Gong à mamelon

 

 

 

Comme évoqué en introduction des chapitres consacrés au Tambour sur portant et aux Cymbales et cymbalettes, il n’existe pas de représentation attestée de gong avant la réalisation des bas-reliefs du XVIe s. de la galerie nord d’Angkor Vat et des fresques de sa tour centrale.



Épigraphie et traductions

Saveros Pou, dans son dictionnaire de Vieux-Khmer français-anglais, mentionne à propos du mot tāla : « On avait l’habitude de traduire ce mot par “cymbales” d’après le sanskrit. Or tout porte à y voir plutôt des “gongs” de différents types, faits de bronze, de cuivre ou d’airain. (…) le gong accompagnait la récitation des poèmes chand. » Qu’englobe le mot « tout » dans cette assertion ? L’iconographique, quelle qu’en soit l’époque, ne montre aucun gong, seulement des crotales. En Inde ou au Népal, les chants dévotionnels bhajan sont rythmés a minima avec des crotales lorsqu’il n’y a pas d’autres musiciens disponibles. Les crotales sont l’instrument rythmique par excellence aux époques préangkorienne et angkorienne, nous l’avons évoqué dans le chapitre précédent. Si l’on se réfère à l’ethnologie liée à l’hindouisme et au bouddhisme, lorsque les gongs sont utilisés, c’est plutôt comme instrument de communication distante afin d’appeler moines et/ou pratiquants.

Le gong à bosse entre archéologie et ethnologie

Ensemble tambour et paire de gongs à mamelon dans la tour de communication d’un monastère bouddhique. Luang Prabang, Laos.
Ensemble tambour et paire de gongs à mamelon dans la tour de communication d’un monastère bouddhique. Luang Prabang, Laos.
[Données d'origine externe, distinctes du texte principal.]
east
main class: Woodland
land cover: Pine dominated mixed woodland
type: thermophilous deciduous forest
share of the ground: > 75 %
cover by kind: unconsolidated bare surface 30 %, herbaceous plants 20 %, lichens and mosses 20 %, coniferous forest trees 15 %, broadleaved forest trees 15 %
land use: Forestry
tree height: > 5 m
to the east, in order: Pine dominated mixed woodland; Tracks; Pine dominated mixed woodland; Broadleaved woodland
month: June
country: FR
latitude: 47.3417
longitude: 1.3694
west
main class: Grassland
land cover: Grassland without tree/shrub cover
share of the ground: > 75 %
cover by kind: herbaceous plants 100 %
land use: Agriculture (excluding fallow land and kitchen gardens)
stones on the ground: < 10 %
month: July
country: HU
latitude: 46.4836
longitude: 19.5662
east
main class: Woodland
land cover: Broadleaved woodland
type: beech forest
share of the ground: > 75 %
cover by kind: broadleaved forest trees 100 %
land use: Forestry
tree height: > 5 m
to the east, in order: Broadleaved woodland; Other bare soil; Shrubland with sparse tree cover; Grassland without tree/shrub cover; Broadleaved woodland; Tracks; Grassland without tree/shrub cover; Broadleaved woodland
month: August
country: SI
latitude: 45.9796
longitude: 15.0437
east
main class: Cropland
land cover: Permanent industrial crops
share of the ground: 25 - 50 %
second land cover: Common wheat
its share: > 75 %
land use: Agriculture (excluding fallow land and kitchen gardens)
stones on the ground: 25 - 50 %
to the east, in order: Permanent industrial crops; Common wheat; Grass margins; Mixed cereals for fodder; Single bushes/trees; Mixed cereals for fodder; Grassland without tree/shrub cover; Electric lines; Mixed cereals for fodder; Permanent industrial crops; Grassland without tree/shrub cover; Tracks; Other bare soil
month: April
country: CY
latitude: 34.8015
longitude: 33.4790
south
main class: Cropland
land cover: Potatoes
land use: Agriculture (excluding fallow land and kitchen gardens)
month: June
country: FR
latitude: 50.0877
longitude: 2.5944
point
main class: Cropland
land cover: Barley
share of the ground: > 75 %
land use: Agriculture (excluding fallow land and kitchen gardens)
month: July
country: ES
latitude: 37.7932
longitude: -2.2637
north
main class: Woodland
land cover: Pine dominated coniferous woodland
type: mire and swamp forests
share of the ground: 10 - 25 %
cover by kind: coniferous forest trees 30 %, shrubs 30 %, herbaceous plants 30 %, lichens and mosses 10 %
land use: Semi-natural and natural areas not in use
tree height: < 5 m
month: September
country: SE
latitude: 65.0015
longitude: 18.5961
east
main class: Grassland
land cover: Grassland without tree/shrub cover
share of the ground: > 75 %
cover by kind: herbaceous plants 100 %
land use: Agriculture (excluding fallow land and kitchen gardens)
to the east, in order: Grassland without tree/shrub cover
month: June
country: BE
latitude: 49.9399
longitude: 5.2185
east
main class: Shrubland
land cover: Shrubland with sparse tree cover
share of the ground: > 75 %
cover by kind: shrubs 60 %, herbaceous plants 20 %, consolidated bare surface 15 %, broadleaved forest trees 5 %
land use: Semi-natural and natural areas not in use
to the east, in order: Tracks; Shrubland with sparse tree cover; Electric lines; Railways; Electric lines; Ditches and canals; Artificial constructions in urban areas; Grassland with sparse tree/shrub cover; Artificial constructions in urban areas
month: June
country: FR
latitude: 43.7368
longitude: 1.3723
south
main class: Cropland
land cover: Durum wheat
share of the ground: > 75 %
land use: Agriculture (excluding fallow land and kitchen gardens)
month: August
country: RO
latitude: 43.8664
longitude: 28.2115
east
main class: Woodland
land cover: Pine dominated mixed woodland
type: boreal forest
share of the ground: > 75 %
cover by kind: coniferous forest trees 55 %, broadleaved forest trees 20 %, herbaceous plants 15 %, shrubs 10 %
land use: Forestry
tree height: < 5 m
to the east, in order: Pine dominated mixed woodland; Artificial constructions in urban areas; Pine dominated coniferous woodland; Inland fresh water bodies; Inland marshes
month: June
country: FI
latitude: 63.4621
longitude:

Dans la galerie nord d’Angkor Vat figurent plusieurs gongs à mamelon sur portant. Dans un seul cas, la protubérance n’apparaît pas dans la sculpture mais des traces de couleurs et des griffures le laissent deviner. Sur les portants sont disposés soit un gong unique, soit un couple de tailles différentes. De plus, tandis que les tambours sur portant sont suspendus par un seul point d’attache, les gongs le sont, eux, toujours par deux.
On connaît, aujourd’hui encore, au Laos, de telles configurations dans les pagodes bouddhiques : un grand tambour, un ou deux gongs à mamelon et parfois une paire de cymbales invitent la communauté des bonzes à se rassembler pour la prière lors des grandes occasions ou les changements de lune

Technique de jeu

Gong à mamelon sur portant percuté avec une mailloche. Angkor Vat, galerie nord. Victoire de Krishna sur l’Asura Bāna. XVIe s.
Gong à mamelon sur portant percuté avec une mailloche. Angkor Vat, galerie nord. Victoire de Krishna sur l’Asura Bāna. XVIe s.

Les gongs isolés ou par couple sont frappés à l’aide d’une ou deux mailloches sphériques par un seul musicien, debout ou assis au sol. On le voit nettement sur l’iconographie ; le jeu est tranquille comparé à celui, fougueux, déployé sur les tambours. Sur la figure, le musicien frappe de la main droite et étouffe à volonté le son de la gauche, une technique encore bien connue chez les minorités ethniques des hauts plateaux et sur la plupart des claviers en bronze indonésiens. La position de la main gauche est donc très justement représentée.